I’d like to understand why model.constructor.name is not available in prod builds while it works in dev and test envs for models defined with the ES6 class syntax.
Looks like the name is being mangled during minification. There might be an uglify / terser setting to prevent this, but since by the time it gets to minification (due to targets configuration) I’m not sure that they know which things are constructors vs normal functions.
The reason modelName is present is because ember-data adds it manually after lookup up any given model class.
I’ve tested this with minifyJS: true in a dev build and constructor.name is working, so minification might not be the only thing involved in this behaviour.
Sorry for being unclear above, I’m saying that the combination of transpiling to your production targets (which includes IE11 in the demo repo) and minification that is the cause.

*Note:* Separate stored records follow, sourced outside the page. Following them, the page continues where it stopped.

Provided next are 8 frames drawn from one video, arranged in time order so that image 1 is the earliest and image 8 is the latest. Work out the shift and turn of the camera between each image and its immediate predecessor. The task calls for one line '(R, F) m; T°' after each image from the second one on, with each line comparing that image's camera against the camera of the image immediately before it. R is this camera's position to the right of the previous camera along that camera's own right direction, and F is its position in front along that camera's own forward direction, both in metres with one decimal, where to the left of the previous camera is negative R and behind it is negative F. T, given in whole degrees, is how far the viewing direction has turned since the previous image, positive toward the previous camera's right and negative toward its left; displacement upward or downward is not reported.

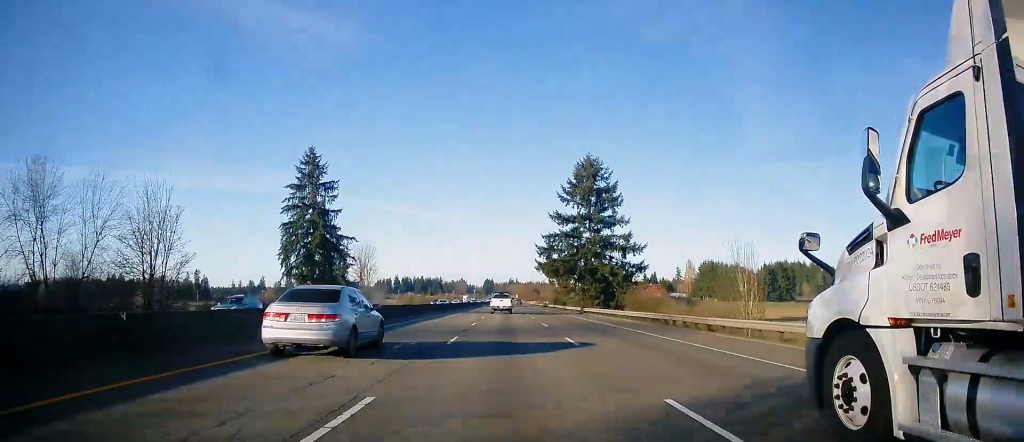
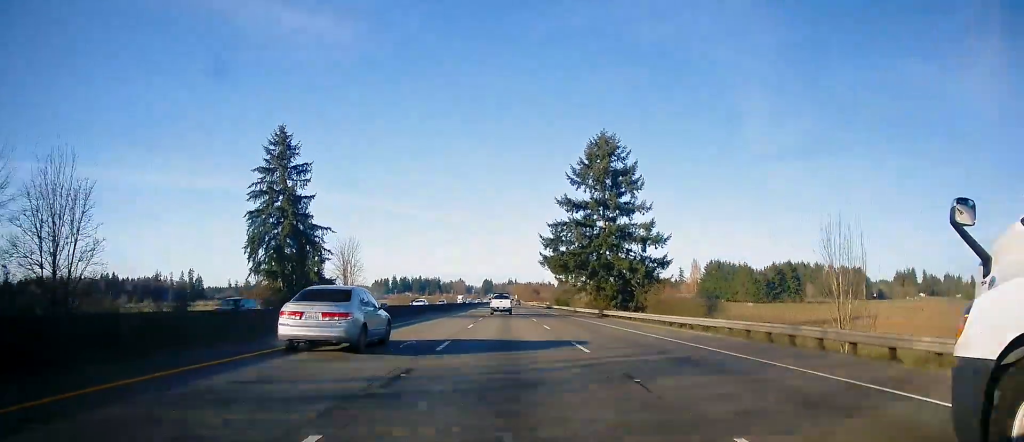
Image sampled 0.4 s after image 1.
(0.0, +14.3) m; 0°
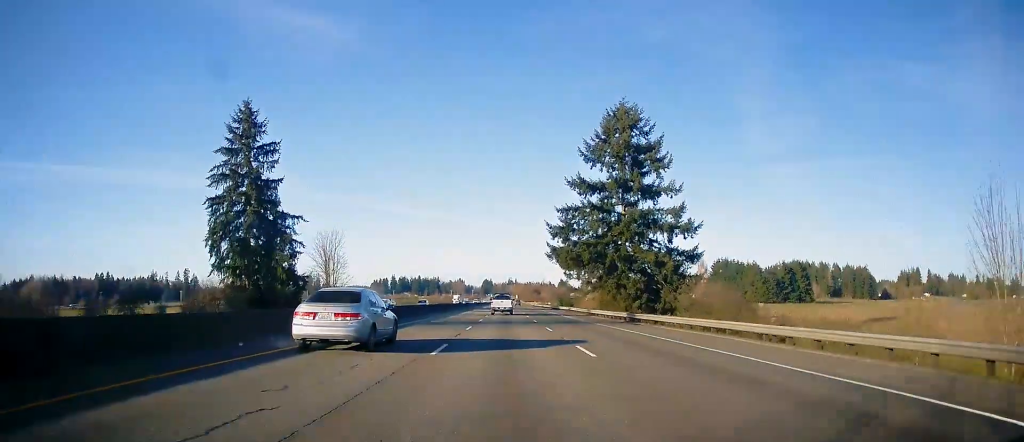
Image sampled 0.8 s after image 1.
(0.0, +13.2) m; 0°
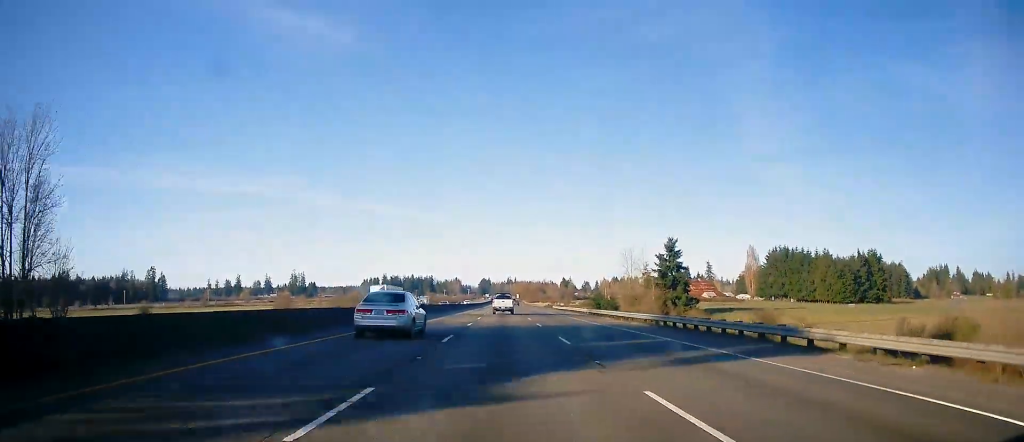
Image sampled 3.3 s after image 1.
(-0.3, +81.8) m; 0°
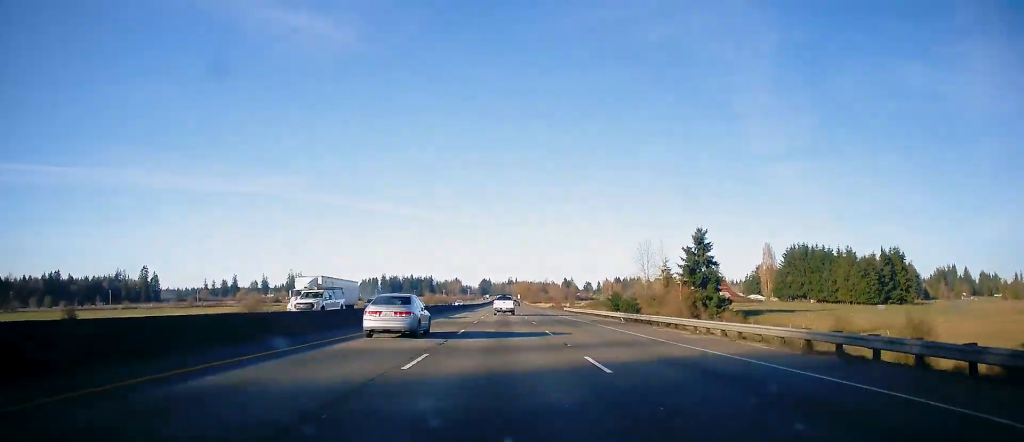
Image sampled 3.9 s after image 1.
(0.0, +18.8) m; 0°
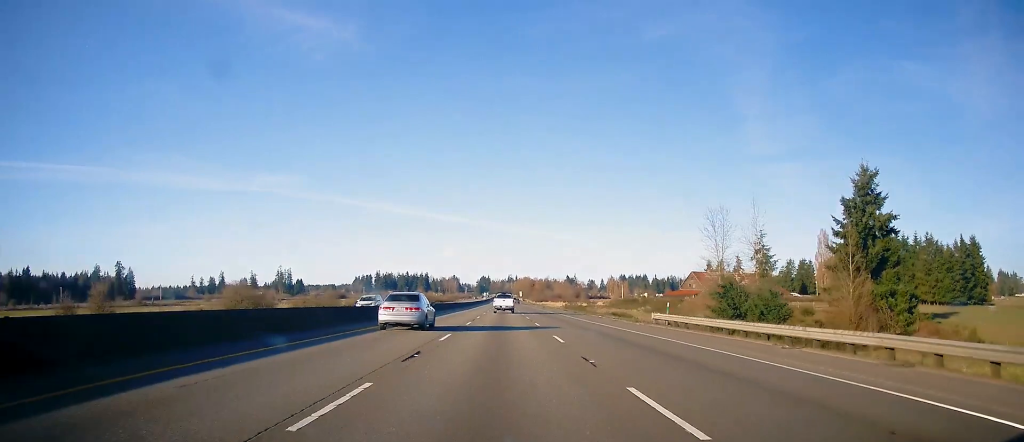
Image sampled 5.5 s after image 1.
(0.0, +54.0) m; 0°
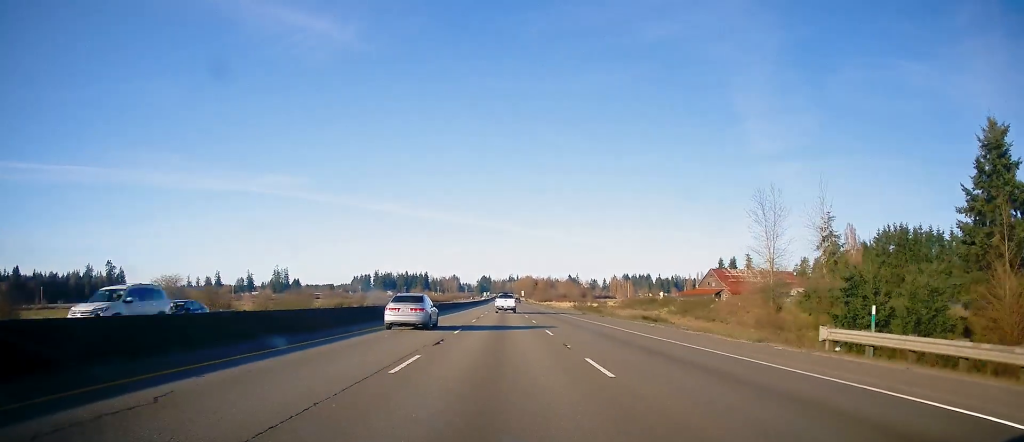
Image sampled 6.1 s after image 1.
(0.0, +19.8) m; 0°
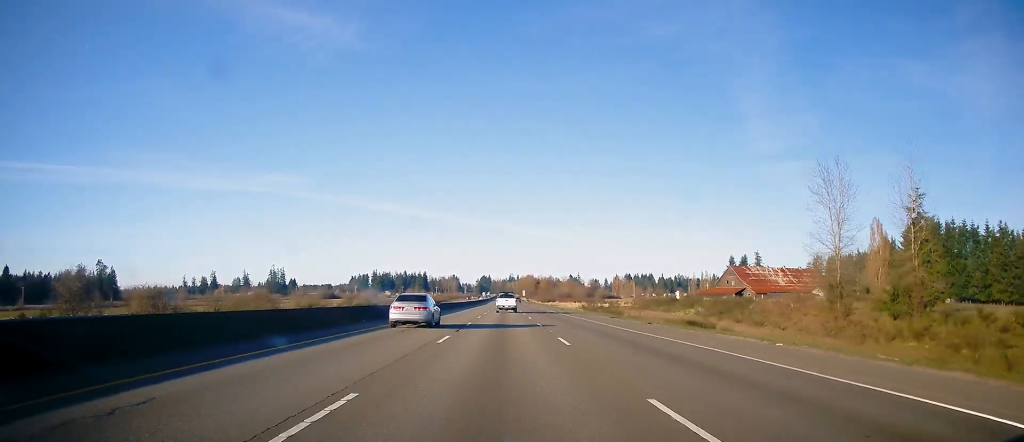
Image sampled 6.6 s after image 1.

In a dev build, your targets are essentially only evergreen browsers that all support native class syntax directly and therefore the model is not transpiled down to ES5. When terser/uglify runs against a native class it does preserve the constructor.name (as one of your recent comments confirmed).
However, in a prod build your apps targets include IE11 which means that native class syntax is not supported and therefore it is transpiled away before minification (see example of transpilation here). Then when minification happens it sees “just” a function bound to the local closure scope (e.g. function Article(){}) which gets the normal function name mangling.
I don’t know to what part of the framework this might be related, but it would be great if we could rely on constructor.name whatever the build env.
Ultimately, this isn’t really an “Ember” thing its just how transpilation + minification works…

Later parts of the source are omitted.